(Records excerpted from a collection)
________________________

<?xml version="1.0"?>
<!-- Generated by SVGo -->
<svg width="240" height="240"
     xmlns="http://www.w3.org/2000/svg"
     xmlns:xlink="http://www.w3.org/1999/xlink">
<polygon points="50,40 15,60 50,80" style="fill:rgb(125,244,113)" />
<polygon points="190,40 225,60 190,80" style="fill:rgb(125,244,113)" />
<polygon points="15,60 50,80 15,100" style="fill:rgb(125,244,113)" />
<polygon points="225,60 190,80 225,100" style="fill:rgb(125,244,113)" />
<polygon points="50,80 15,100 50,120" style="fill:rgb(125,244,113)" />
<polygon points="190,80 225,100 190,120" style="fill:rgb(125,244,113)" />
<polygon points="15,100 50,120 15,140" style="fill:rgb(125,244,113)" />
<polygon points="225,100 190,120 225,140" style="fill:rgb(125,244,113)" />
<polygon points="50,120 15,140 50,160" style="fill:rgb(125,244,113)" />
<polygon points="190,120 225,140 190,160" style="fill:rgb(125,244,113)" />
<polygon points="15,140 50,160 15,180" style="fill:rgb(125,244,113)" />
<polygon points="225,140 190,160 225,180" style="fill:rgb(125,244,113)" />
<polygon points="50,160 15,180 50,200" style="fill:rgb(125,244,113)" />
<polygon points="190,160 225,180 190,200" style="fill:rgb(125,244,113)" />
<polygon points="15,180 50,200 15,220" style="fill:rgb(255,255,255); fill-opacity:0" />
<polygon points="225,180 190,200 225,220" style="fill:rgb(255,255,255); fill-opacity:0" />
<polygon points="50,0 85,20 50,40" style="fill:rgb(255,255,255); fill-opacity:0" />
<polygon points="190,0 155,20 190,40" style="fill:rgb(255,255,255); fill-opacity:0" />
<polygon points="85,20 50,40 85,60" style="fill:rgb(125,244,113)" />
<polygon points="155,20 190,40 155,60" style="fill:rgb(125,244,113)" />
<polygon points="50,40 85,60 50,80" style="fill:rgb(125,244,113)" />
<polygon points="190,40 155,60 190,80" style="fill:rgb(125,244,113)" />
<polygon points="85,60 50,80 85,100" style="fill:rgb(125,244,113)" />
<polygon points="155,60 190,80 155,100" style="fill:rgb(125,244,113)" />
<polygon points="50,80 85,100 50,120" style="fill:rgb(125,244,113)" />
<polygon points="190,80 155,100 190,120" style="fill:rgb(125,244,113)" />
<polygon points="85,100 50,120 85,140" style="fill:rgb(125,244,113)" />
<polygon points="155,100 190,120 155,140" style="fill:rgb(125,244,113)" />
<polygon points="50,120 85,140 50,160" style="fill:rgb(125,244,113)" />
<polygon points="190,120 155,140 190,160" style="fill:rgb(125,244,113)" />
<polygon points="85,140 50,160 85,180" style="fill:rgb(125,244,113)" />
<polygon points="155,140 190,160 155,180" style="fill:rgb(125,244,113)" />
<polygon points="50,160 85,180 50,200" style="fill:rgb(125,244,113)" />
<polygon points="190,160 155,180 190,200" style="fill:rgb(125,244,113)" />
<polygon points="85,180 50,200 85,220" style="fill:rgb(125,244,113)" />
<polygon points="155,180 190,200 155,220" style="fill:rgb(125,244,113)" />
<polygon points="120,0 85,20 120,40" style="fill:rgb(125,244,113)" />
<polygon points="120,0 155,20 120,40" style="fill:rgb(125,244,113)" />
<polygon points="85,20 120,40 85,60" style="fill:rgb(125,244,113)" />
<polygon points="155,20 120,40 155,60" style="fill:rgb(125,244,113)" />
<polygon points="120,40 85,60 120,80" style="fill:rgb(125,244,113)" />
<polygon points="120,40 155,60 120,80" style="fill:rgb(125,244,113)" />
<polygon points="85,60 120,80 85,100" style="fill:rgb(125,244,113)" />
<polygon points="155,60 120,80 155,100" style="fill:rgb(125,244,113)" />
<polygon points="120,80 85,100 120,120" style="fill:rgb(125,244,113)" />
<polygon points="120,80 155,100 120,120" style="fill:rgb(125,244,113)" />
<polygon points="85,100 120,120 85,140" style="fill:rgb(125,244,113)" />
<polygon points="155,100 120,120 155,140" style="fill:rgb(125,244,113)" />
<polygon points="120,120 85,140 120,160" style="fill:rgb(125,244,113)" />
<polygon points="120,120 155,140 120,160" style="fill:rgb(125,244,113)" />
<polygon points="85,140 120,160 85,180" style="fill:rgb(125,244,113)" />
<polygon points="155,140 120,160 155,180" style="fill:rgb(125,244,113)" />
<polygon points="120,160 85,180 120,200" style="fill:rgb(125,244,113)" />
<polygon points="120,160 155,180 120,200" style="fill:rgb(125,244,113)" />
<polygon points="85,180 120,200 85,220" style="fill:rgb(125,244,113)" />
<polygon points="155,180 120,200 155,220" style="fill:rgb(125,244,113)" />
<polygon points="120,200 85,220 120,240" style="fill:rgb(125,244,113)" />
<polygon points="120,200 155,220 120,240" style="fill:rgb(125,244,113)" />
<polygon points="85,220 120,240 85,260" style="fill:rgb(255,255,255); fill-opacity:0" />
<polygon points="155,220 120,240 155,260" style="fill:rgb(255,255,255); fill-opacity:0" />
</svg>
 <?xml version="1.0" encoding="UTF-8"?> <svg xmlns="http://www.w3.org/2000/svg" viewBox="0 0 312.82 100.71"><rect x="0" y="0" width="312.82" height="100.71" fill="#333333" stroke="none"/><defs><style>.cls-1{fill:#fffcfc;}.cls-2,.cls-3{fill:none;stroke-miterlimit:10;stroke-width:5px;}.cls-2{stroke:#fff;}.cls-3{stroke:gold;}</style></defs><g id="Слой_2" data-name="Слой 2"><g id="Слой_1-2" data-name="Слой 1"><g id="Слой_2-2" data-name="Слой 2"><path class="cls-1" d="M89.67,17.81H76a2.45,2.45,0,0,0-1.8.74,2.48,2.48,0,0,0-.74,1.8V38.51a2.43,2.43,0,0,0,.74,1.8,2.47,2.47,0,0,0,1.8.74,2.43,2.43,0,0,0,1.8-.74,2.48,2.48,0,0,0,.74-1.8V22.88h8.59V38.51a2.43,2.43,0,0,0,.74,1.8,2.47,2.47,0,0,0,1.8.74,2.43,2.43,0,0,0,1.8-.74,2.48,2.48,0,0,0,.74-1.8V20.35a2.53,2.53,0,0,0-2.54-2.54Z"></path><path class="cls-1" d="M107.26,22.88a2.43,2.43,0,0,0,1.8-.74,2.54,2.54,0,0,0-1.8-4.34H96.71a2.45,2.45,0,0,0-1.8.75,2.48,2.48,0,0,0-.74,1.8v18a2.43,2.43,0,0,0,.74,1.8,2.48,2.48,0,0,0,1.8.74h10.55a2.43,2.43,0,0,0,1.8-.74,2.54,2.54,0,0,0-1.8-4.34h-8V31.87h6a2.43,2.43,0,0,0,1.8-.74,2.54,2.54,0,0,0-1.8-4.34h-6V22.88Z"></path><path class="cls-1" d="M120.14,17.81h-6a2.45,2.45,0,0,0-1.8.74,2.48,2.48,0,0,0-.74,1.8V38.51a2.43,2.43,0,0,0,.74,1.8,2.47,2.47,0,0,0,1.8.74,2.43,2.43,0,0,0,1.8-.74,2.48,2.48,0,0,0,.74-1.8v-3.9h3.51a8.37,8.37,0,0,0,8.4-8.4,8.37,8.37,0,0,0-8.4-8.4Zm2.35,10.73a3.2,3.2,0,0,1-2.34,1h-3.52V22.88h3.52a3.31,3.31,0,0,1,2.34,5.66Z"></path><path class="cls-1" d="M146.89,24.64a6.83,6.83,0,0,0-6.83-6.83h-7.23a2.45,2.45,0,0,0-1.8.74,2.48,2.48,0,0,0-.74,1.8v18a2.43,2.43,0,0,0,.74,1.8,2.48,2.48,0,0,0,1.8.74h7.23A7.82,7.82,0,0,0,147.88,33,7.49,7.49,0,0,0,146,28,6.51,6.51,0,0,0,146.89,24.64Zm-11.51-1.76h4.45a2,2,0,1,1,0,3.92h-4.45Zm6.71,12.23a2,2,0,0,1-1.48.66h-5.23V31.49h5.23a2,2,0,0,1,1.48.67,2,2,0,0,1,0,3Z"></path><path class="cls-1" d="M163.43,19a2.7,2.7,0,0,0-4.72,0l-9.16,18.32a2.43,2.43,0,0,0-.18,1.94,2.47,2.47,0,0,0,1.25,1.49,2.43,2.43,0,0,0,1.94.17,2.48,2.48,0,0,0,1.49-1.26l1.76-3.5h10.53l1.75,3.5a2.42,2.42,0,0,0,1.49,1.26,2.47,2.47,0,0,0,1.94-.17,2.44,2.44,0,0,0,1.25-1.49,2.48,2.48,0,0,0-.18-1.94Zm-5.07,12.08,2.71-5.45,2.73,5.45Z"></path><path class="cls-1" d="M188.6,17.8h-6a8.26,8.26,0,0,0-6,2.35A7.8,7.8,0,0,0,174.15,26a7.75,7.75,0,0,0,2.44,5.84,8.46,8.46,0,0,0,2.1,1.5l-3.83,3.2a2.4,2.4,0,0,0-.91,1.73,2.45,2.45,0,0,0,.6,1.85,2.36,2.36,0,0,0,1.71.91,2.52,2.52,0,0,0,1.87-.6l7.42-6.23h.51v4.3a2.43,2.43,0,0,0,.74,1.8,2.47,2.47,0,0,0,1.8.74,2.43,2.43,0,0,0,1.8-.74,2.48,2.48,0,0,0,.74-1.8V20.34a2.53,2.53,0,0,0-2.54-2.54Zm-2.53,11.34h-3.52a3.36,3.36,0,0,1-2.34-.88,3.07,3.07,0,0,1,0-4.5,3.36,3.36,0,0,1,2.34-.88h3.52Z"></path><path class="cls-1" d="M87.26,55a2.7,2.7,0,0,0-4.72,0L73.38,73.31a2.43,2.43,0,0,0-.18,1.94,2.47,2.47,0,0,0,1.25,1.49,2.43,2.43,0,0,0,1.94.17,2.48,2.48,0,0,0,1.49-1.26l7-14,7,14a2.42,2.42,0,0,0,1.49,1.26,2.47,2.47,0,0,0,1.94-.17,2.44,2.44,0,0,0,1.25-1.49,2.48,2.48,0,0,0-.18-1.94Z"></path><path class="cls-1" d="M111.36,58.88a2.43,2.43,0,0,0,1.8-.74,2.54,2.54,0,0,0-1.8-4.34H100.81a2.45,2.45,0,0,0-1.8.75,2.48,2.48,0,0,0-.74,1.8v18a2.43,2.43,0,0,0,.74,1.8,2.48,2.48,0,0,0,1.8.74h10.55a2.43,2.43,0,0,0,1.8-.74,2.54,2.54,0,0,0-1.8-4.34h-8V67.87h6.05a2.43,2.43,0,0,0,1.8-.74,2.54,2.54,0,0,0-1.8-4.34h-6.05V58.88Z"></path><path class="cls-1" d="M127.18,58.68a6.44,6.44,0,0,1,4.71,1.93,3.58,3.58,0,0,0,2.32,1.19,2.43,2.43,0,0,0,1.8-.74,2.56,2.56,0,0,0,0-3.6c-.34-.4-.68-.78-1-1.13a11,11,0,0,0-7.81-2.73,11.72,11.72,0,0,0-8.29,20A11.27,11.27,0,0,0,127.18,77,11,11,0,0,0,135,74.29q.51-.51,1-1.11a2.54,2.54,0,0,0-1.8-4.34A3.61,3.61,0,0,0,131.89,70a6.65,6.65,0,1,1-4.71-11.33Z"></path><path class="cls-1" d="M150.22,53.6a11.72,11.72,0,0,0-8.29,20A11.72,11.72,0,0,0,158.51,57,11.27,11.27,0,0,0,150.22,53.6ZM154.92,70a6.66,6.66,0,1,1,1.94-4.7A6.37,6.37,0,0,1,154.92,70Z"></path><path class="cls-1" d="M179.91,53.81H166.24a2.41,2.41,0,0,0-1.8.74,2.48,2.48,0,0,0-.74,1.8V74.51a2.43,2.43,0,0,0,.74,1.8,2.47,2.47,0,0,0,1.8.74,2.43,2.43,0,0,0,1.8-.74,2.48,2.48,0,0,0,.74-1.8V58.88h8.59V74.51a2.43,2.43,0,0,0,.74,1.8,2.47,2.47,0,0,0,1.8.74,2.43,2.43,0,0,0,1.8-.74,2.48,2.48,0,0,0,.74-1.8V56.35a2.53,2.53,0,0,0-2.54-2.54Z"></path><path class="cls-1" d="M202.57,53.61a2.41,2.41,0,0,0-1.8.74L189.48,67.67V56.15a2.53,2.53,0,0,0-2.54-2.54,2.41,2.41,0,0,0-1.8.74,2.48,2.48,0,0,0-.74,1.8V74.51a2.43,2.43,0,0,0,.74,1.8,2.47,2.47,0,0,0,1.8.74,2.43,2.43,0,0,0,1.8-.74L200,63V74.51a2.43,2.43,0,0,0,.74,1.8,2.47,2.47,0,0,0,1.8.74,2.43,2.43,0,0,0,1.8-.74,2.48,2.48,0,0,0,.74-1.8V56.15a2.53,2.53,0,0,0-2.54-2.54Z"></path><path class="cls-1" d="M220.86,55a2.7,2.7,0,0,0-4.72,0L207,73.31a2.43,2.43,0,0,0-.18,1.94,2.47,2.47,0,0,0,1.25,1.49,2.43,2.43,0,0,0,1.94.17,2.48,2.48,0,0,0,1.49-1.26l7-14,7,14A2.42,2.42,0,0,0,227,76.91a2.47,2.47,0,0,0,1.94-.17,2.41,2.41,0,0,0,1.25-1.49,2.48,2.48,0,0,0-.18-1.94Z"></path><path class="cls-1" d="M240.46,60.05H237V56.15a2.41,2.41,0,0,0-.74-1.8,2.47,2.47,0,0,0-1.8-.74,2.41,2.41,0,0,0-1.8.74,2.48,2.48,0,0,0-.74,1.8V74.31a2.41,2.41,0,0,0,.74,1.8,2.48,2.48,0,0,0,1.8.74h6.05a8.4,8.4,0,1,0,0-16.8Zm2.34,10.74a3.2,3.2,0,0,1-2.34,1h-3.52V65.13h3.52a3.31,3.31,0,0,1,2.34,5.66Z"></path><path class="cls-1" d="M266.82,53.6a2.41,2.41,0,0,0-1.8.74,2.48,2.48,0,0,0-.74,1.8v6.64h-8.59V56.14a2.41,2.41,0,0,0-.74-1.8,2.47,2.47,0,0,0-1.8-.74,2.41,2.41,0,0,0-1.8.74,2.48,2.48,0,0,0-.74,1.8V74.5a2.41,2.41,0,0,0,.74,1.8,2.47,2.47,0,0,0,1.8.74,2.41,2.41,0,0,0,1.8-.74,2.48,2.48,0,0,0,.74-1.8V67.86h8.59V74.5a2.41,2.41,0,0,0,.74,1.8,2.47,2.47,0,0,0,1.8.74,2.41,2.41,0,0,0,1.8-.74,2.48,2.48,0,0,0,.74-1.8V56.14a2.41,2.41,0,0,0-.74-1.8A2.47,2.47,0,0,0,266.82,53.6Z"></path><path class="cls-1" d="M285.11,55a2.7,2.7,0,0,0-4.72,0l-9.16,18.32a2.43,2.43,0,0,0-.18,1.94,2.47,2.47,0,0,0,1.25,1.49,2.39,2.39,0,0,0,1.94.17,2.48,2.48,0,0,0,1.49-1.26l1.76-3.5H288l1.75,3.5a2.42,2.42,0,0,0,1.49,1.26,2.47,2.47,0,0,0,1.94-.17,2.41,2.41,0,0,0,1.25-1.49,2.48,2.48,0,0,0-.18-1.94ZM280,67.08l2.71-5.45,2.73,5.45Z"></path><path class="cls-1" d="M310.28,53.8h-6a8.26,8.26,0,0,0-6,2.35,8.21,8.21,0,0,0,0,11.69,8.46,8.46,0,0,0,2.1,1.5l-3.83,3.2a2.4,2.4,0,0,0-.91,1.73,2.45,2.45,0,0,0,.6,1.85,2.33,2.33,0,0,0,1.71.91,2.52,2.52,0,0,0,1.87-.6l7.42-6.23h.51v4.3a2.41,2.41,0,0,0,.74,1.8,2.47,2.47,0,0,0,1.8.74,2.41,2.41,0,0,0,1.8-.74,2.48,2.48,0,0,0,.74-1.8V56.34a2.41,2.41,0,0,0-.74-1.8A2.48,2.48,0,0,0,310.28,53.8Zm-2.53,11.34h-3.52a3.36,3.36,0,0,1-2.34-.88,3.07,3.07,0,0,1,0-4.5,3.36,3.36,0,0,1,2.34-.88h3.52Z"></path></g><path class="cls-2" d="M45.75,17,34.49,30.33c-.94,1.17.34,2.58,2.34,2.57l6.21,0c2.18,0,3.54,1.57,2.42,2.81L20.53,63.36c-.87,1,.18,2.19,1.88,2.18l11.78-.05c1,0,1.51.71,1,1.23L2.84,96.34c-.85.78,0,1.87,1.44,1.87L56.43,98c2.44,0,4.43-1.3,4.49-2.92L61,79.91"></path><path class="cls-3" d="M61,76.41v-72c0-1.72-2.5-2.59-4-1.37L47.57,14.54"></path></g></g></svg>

________________________

• _INSTRUCTIONS FOR THE TASK_: Among the entries above, how many lines contain the string "opacity"? Only the number should be given.

• _THE ANSWER_: 6